§ **AIM OF THE EXERCISE**
What is needed here is an exact printout of the data, with no pictures included.

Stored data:
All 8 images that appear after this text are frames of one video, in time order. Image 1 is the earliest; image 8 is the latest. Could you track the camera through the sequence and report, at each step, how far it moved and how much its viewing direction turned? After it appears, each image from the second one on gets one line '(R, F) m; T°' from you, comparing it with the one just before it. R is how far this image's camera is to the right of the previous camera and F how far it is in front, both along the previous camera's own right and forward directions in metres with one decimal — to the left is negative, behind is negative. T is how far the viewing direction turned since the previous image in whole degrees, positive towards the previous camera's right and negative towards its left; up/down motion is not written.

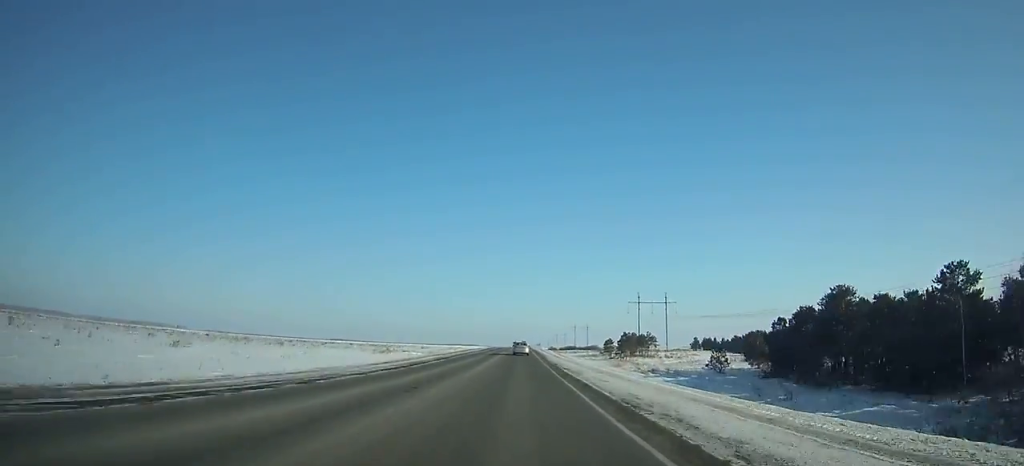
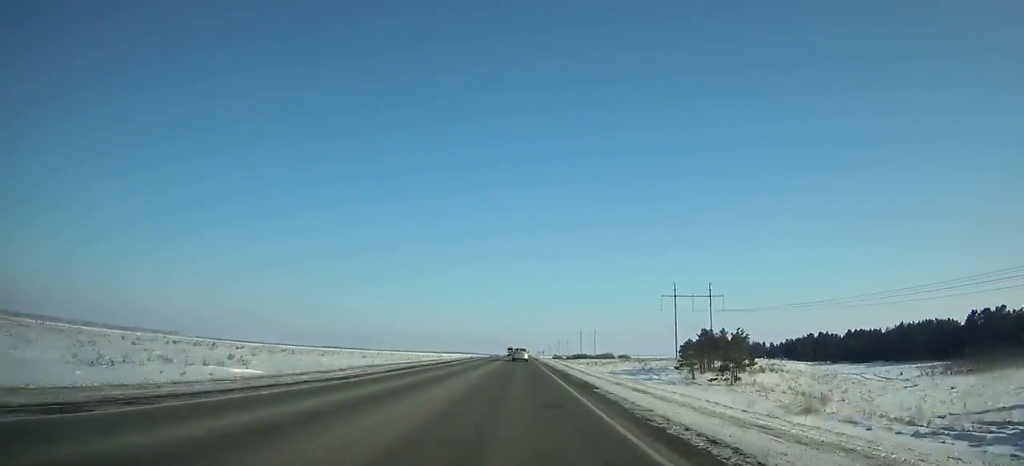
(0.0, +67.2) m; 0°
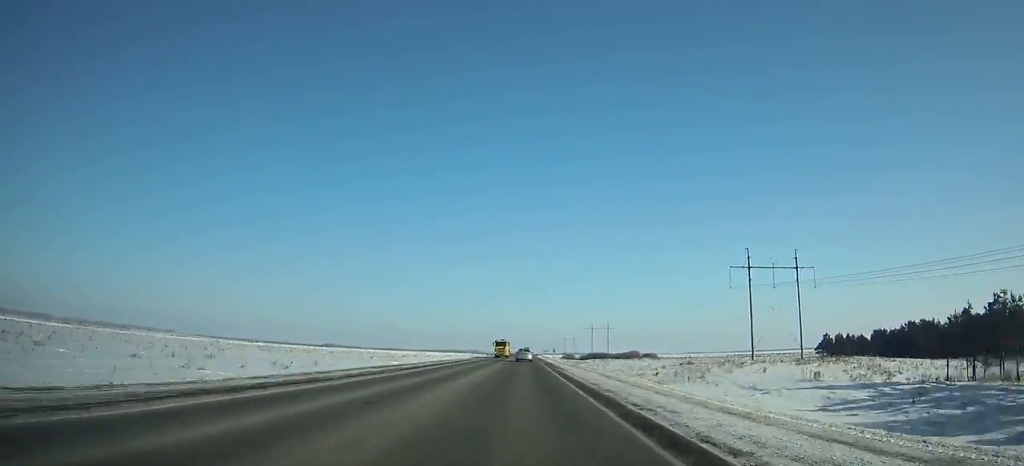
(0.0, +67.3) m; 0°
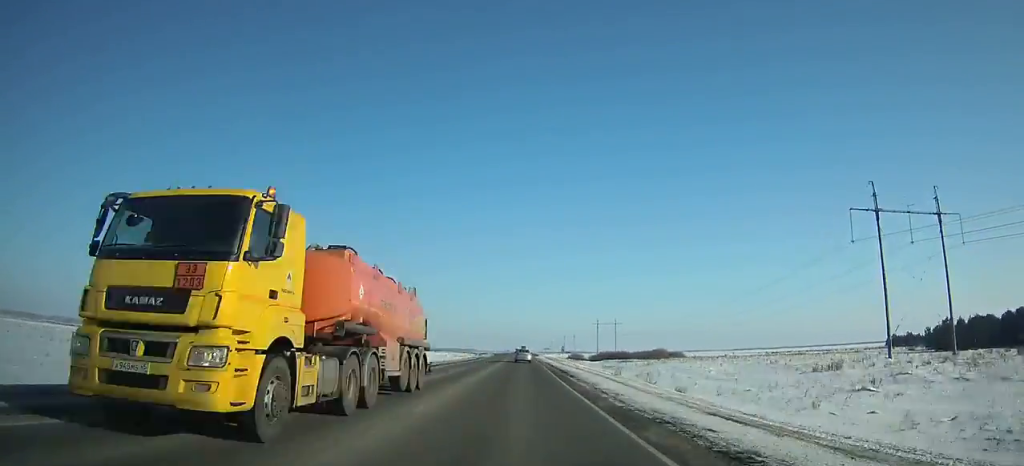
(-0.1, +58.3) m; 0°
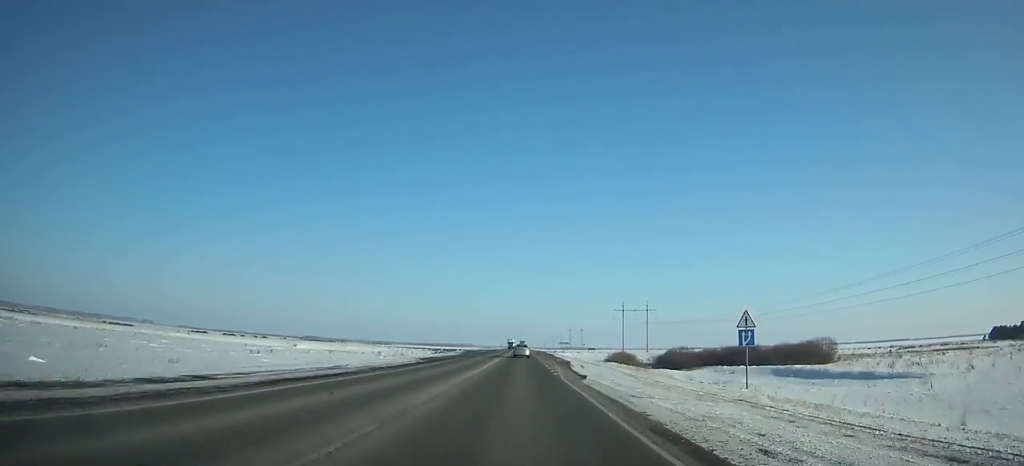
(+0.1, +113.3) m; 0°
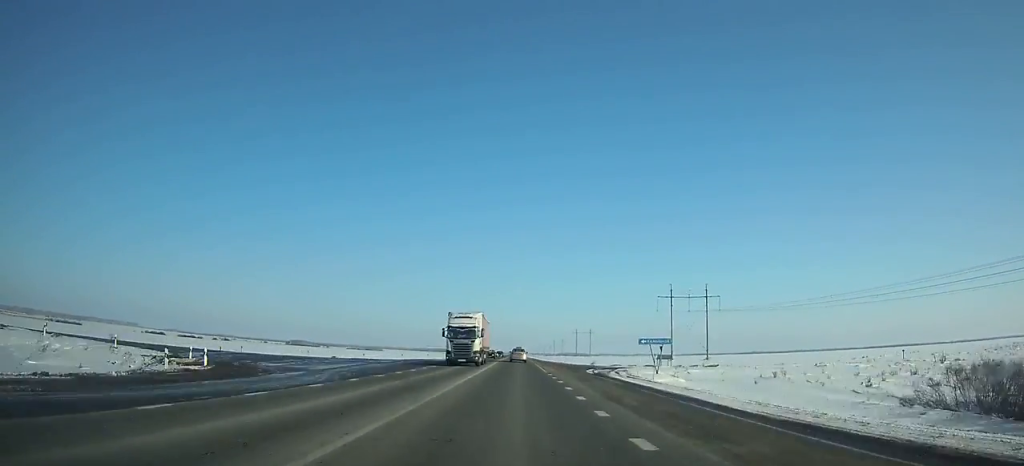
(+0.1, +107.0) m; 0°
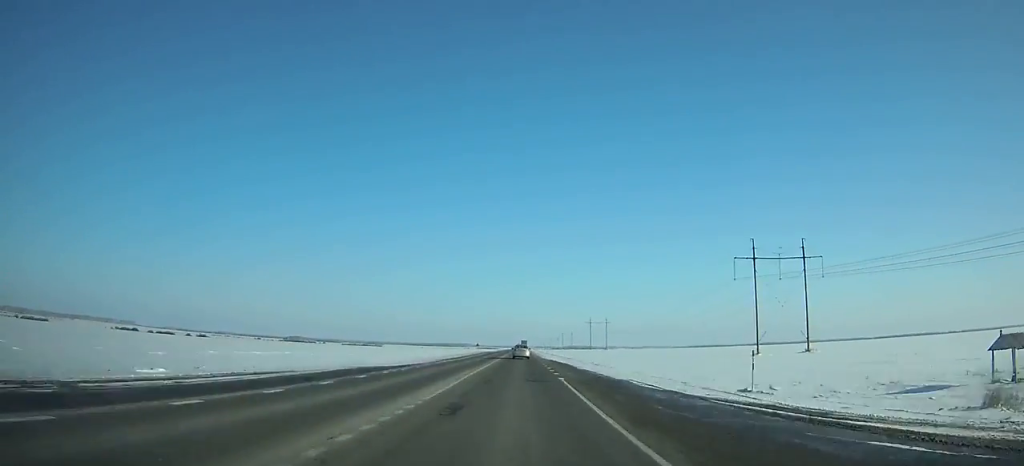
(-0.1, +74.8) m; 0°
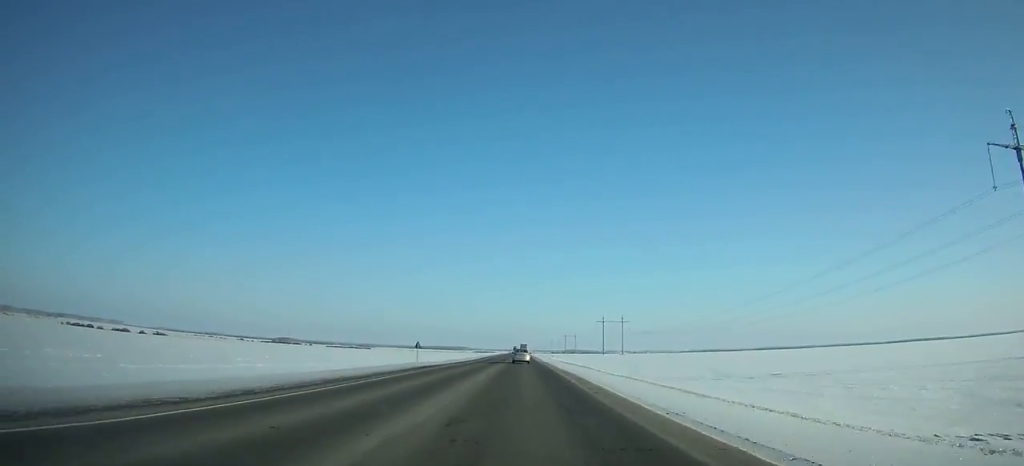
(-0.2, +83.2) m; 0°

§ **ANSWER FOR THIS EXERCISE**
All 8 images that appear after this text are frames of one video, in time order. Image 1 is the earliest; image 8 is the latest. Could you track the camera through the sequence and report, at each step, how far it moved and how much its viewing direction turned? After it appears, each image from the second one on gets one line '(R, F) m; T°' from you, comparing it with the one just before it. R is how far this image's camera is to the right of the previous camera and F how far it is in front, both along the previous camera's own right and forward directions in metres with one decimal — to the left is negative, behind is negative. T is how far the viewing direction turned since the previous image in whole degrees, positive towards the previous camera's right and negative towards its left; up/down motion is not written.

(0.0, +67.2) m; 0°
(0.0, +67.3) m; 0°
(-0.1, +58.3) m; 0°
(+0.1, +113.3) m; 0°
(+0.1, +107.0) m; 0°
(-0.1, +74.8) m; 0°
(-0.2, +83.2) m; 0°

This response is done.